Make an exact copy of the records, leaving out the images.

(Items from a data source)
##########
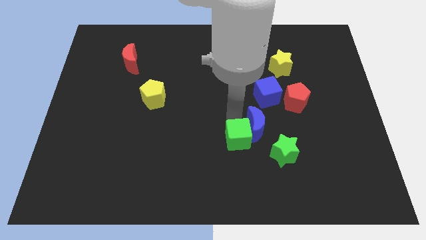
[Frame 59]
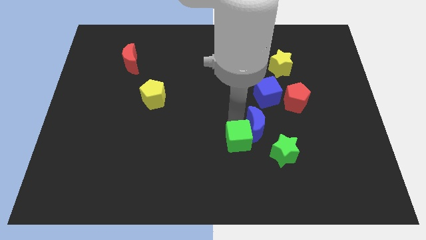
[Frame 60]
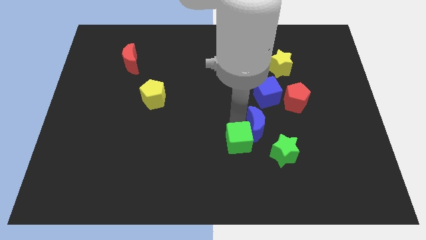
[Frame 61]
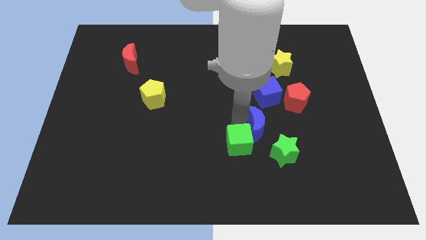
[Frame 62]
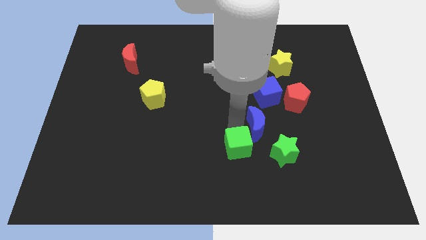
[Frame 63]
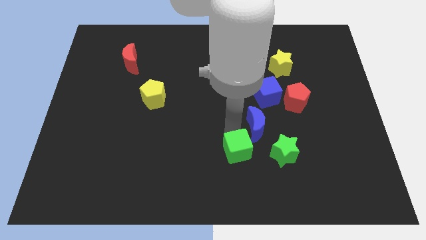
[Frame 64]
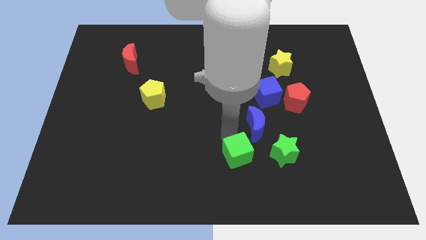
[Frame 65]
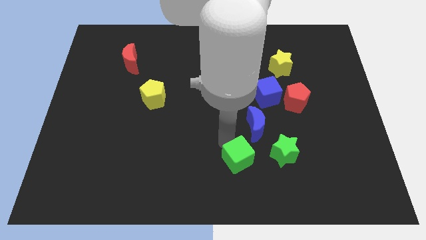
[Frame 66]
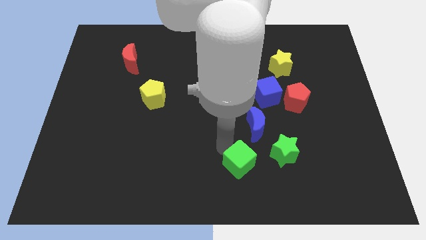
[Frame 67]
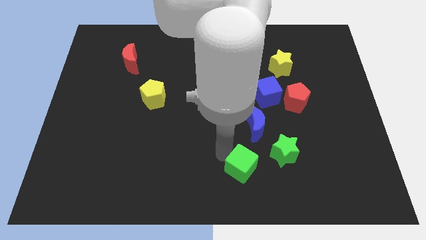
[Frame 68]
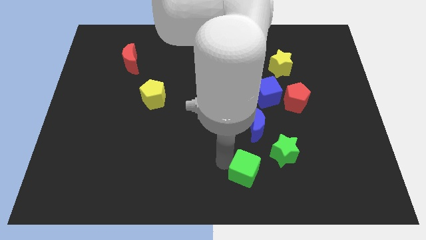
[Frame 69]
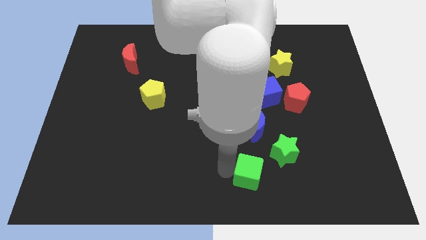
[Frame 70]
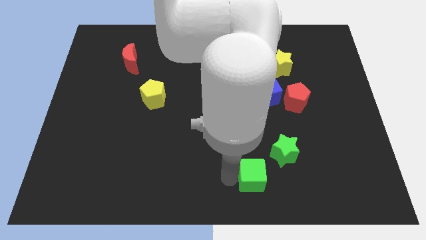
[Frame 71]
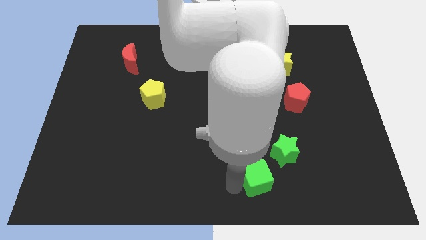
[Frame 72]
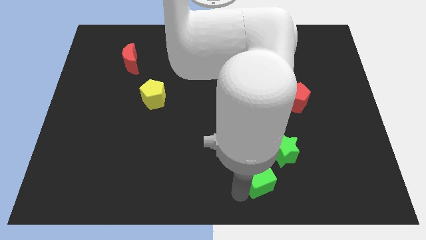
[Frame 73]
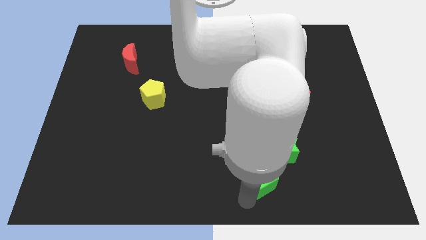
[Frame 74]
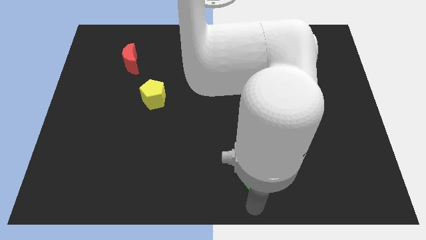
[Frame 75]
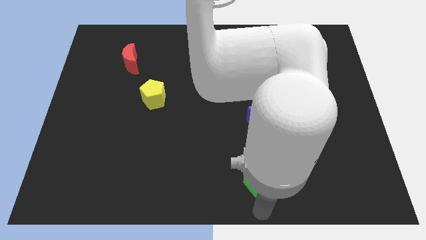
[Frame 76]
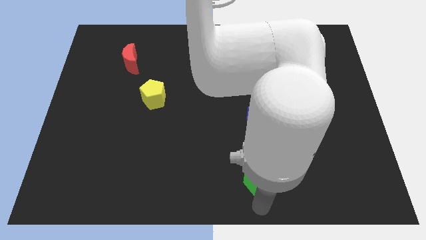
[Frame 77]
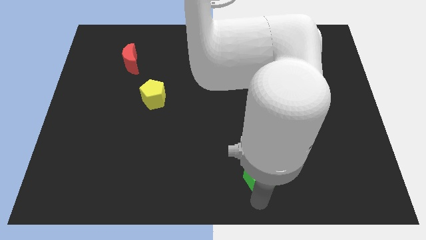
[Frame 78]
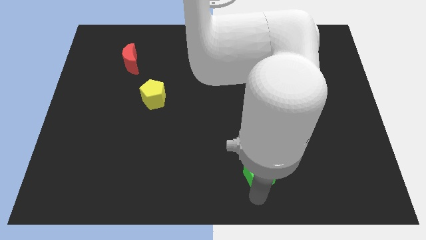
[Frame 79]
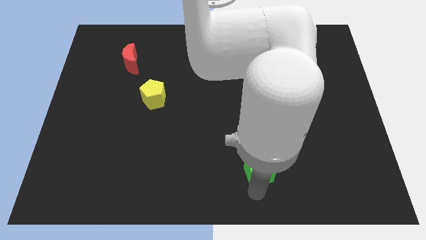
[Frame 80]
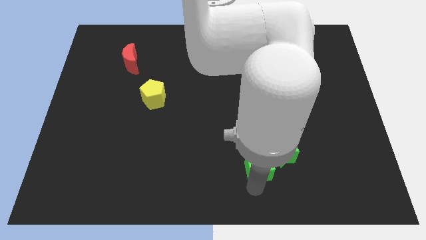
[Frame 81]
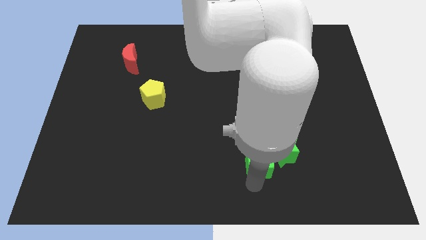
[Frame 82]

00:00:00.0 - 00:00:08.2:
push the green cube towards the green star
##########
• COMPLETED EXERCISE
[Frame 59]
[Frame 60]
[Frame 61]
[Frame 62]
[Frame 63]
[Frame 64]
[Frame 65]
[Frame 66]
[Frame 67]
[Frame 68]
[Frame 69]
[Frame 70]
[Frame 71]
[Frame 72]
[Frame 73]
[Frame 74]
[Frame 75]
[Frame 76]
[Frame 77]
[Frame 78]
[Frame 79]
[Frame 80]
[Frame 81]
[Frame 82]

00:00:00.0 - 00:00:08.2:
push the green cube towards the green star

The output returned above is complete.